SJEG, Blue Cross unable to reach agreement

Published 9:26 am Thursday, October 14, 2010

Saint Joseph’s East Georgia patients who currently have health coverage with Blue Cross Blue Shield of Georgia could soon find themselves out –of– network at the hospital. While this is not the end result SJEG has been working toward, Blue Cross has, so far, been unwilling to consider SJEG’s numerous attempts over the last two years to negotiate a fair reimbursement rate.

Regretfully, without this contract update, as of Nov. 1, Blue Cross will no longer honor current in-network benefits for BCBS patients if they wish to be treated at Saint Joseph’s East Georgia.

“This is a serious issue for people who need this critical access hospital and it is a serious issue for us,” says Mike Huff, SJEG President. “We do not believe our current contract with Blue Cross reflects our patients’ priorities or Saint Joseph’s commitment to innovative and cost-efficient health care. We are working toward a contract that allows us to continue to provide the highest level of quality care for our Blue Cross patients.”

When Saint Joseph’s purchased MGB Hospital in 2008, Blue Cross threatened “out –of – network” status if Saint Joseph’s did not leave the existing MGB contract in place; the reimbursement rates were tremendously outdated and already more than 60 percent lower than other insurance companies.  The Blue Cross contract is now more than ten years old and does not provide for any inflation adjustment — that’s the equivalent of ten years without a raise. The rates are in fact, so low that Blue Cross enjoys a considerable price break over Medicare rates.  

In 2009, Blue Cross gave SJEG a “take it or leave it” offer that it called “unprecedented” due to the percentage increase. Because the existing rate base is so low, the proposed increase did not come close to other, current market rates. But that wasn’t the only sticking point.
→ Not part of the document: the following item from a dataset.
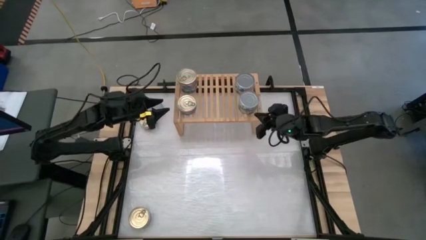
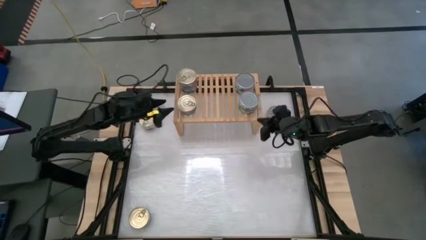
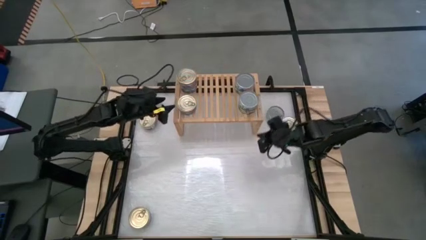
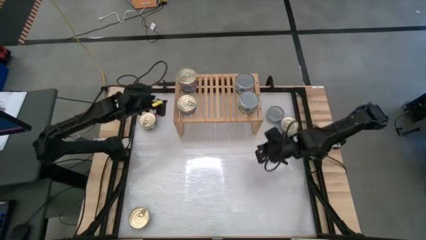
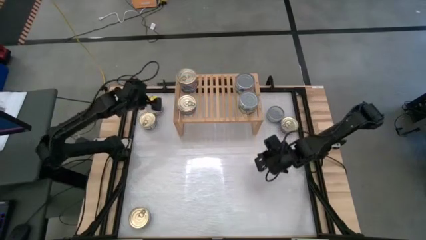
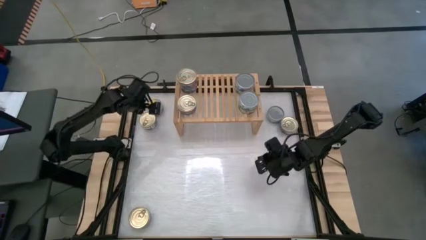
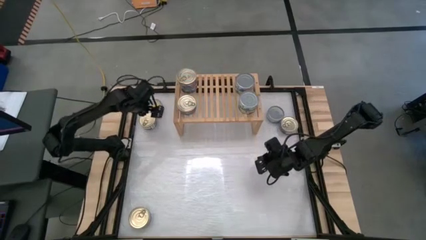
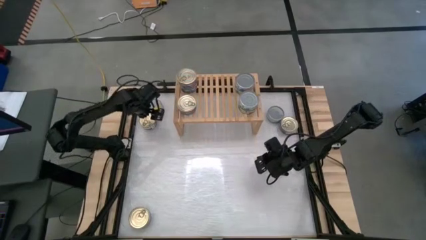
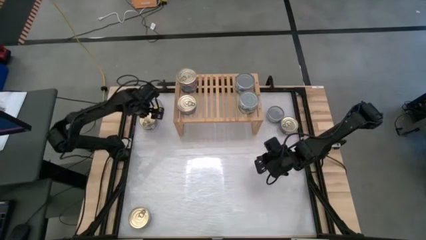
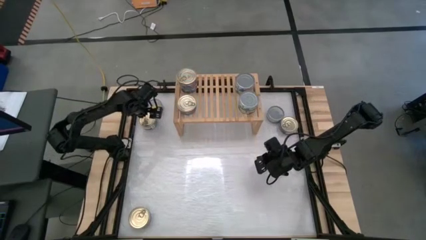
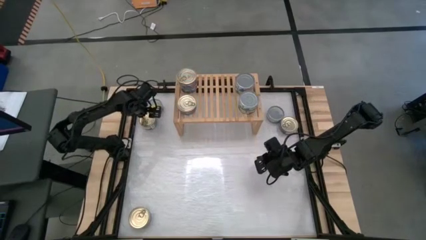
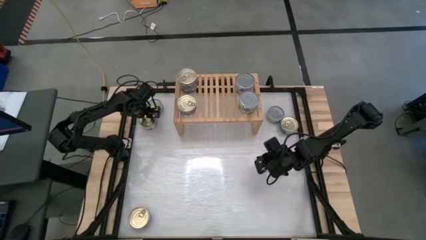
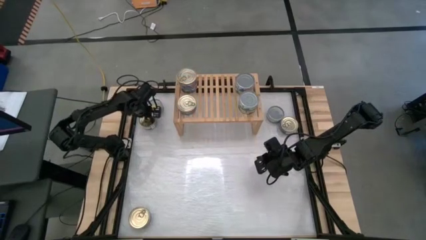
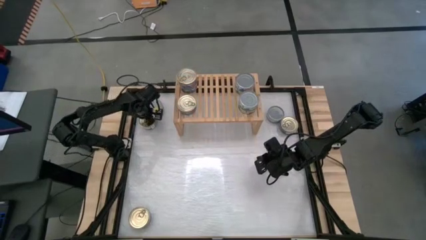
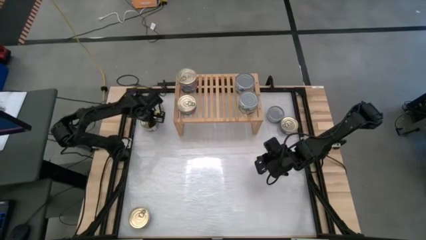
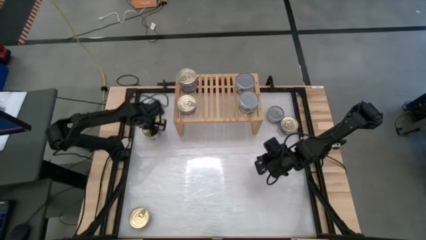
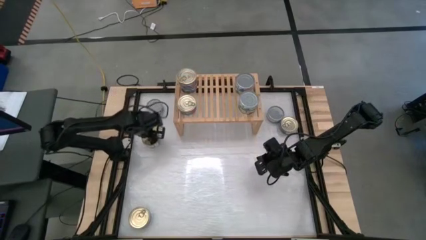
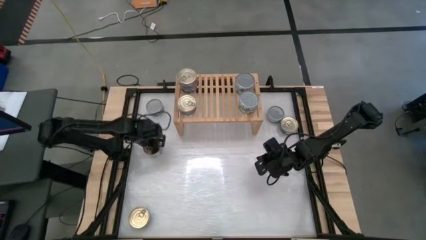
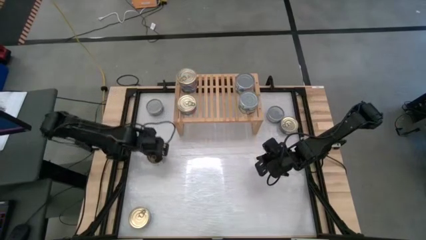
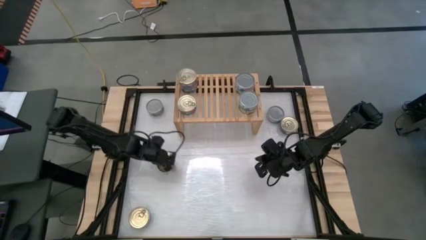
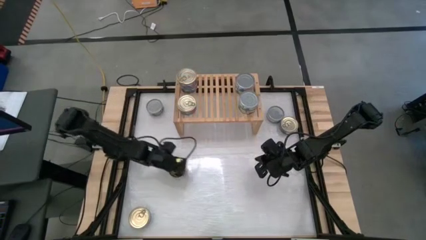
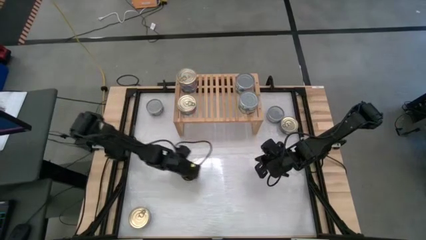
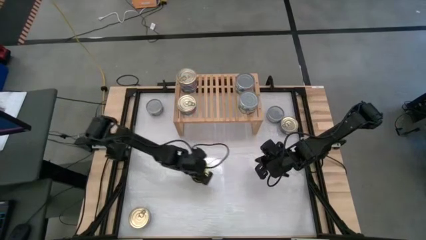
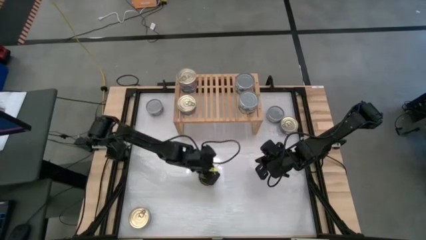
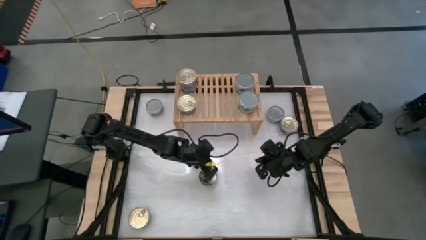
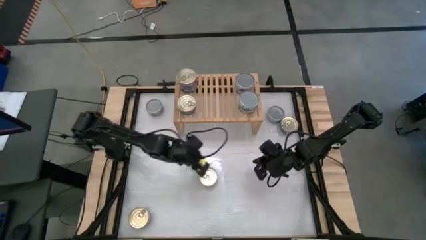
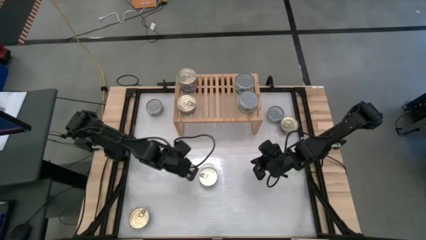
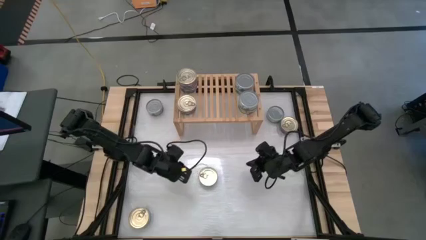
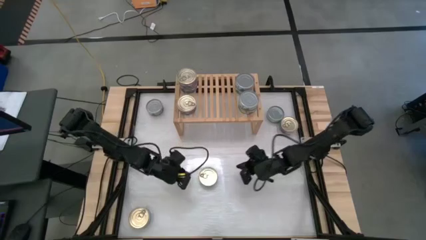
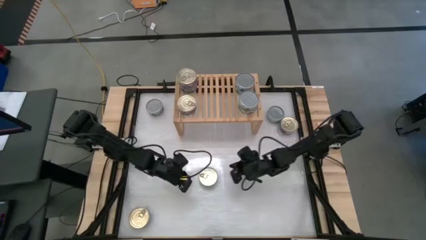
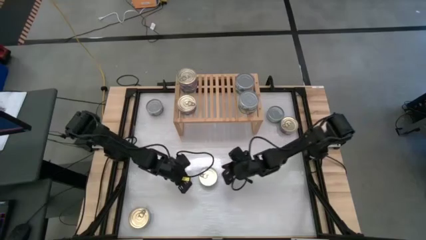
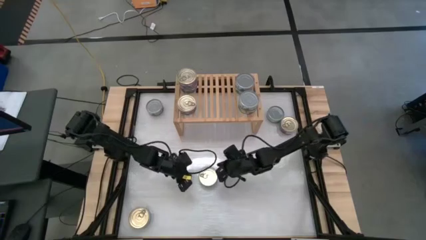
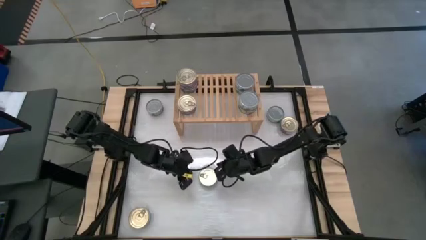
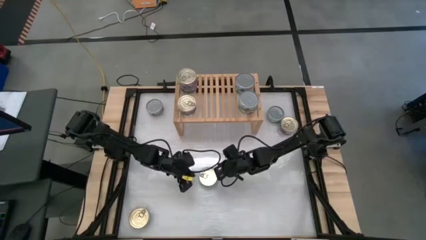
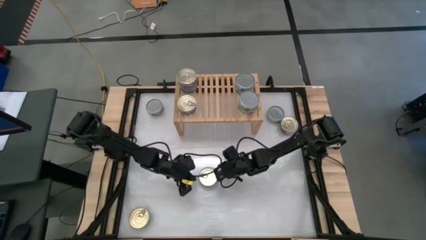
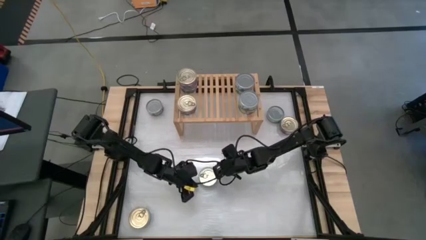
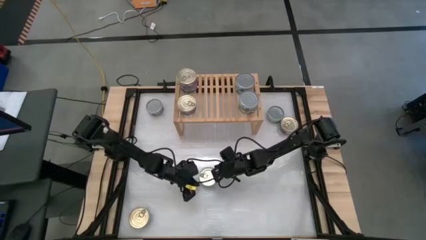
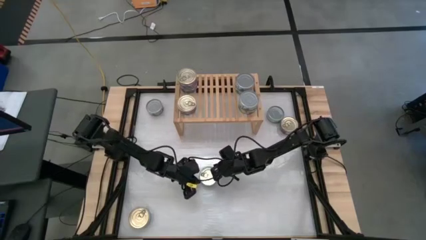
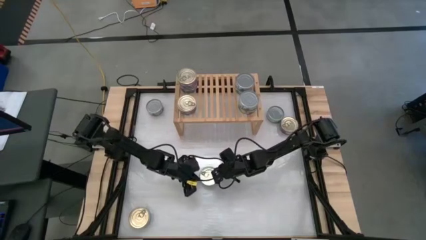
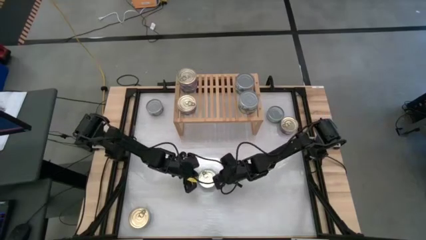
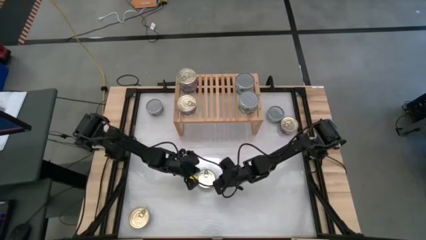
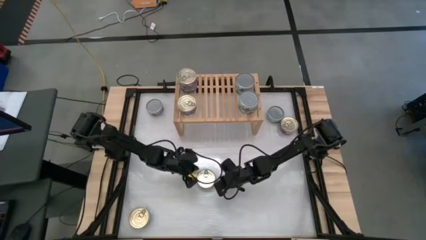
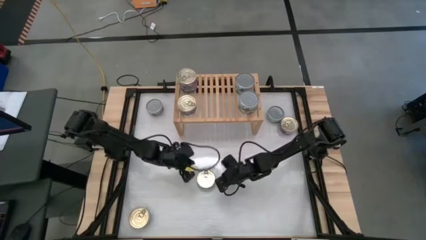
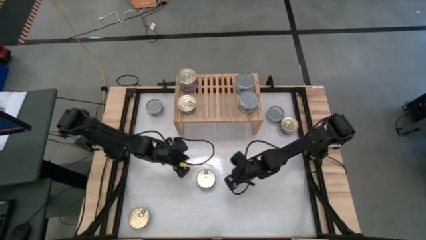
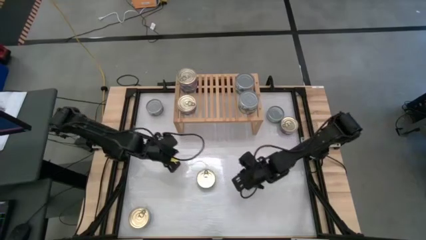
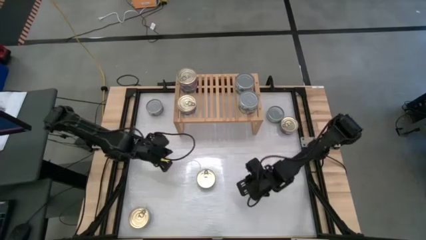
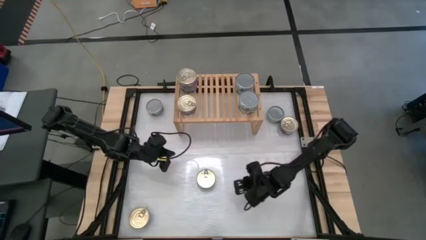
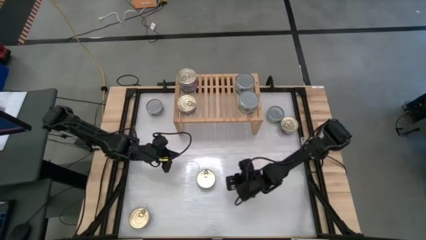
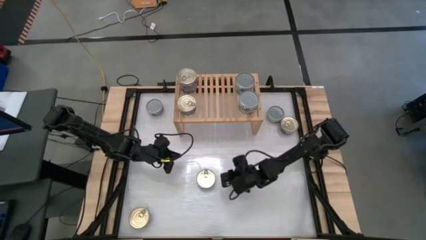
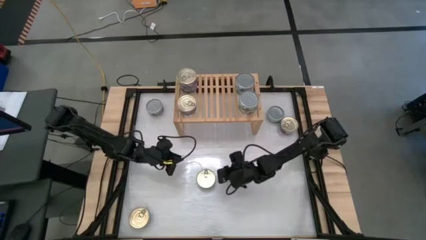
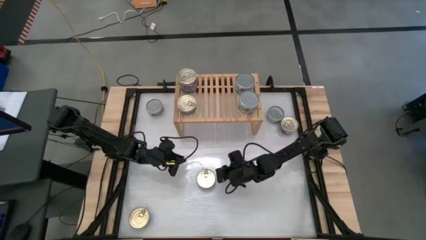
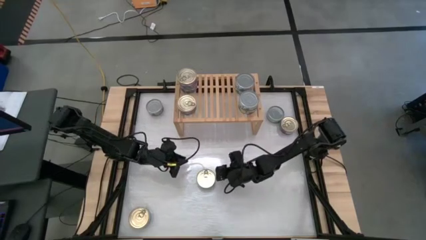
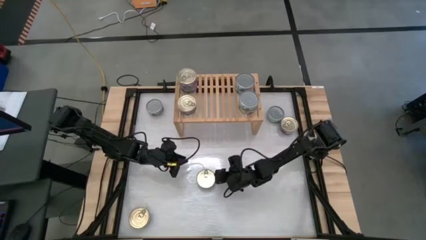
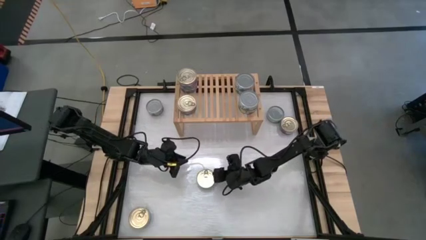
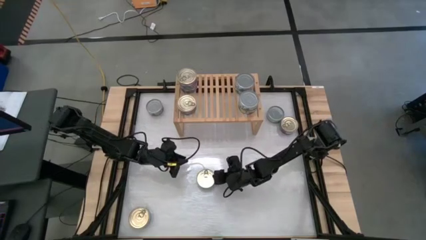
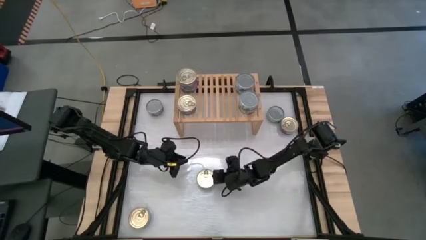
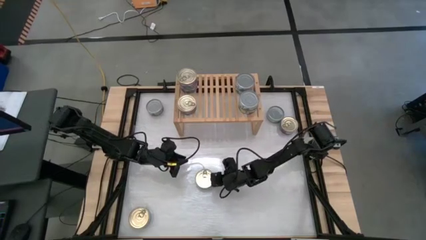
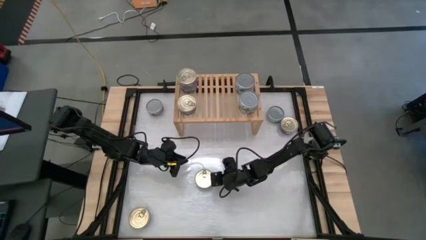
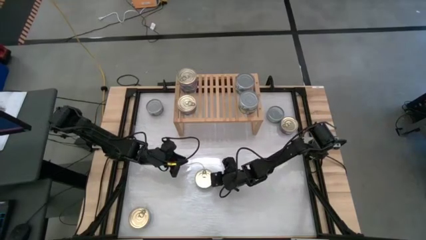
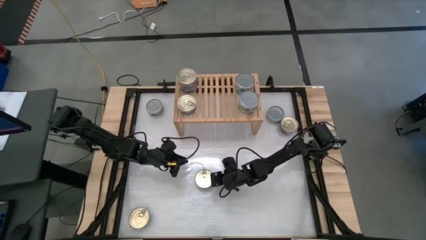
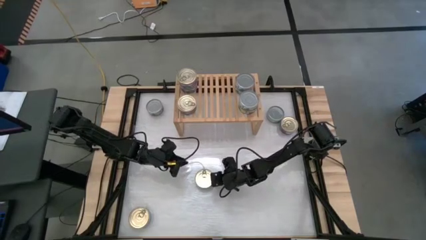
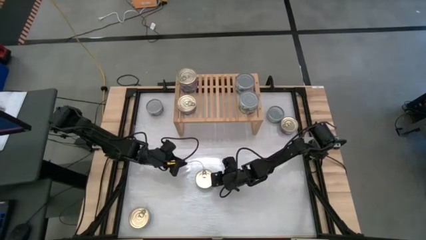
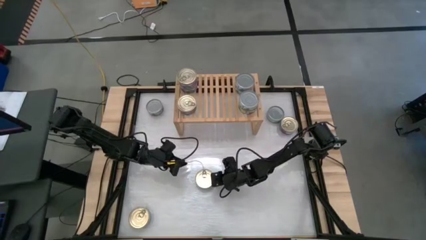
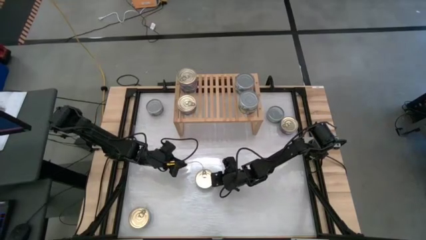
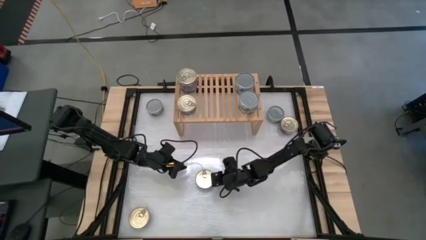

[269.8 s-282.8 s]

“That offer also included a dollar ‘cap’ on outpatient cases which have variability,” according to Kevin Brenan, Saint Joseph’s CFO. “In other words, Blue Cross wanted to cap how much they’d pay for Emergency Services and Outpatient Surgery — medical events that can change suddenly and cannot always be predetermined. We felt that was very unfair to patients, and Saint Joseph’s could not — and did not — accept that offer. We understand how the large percentage increase may present on paper, but ten years without an equitable rate increase only damages the hospital and, in turn, the community to which we have invested a great deal of resources.”

On July 31, 2010, SJEG made a final offer to Blue Cross with the intent to terminate the existing contract effective Nov. 1, if terms are not reached.

“Saint Joseph’s offer is fair and reasonable, offering mutually beneficial terms that are consistent with the marketplace,” says Joe Gorman, SJEG Board Chair. “This negotiation is about continuing to offer the highest level of care to our patients. We are confident in our proposal to Blue Cross, and hope they consider the patients impacted by their decision. Our priorities are to our patients and we hope that an agreement can be reached before the deadline.”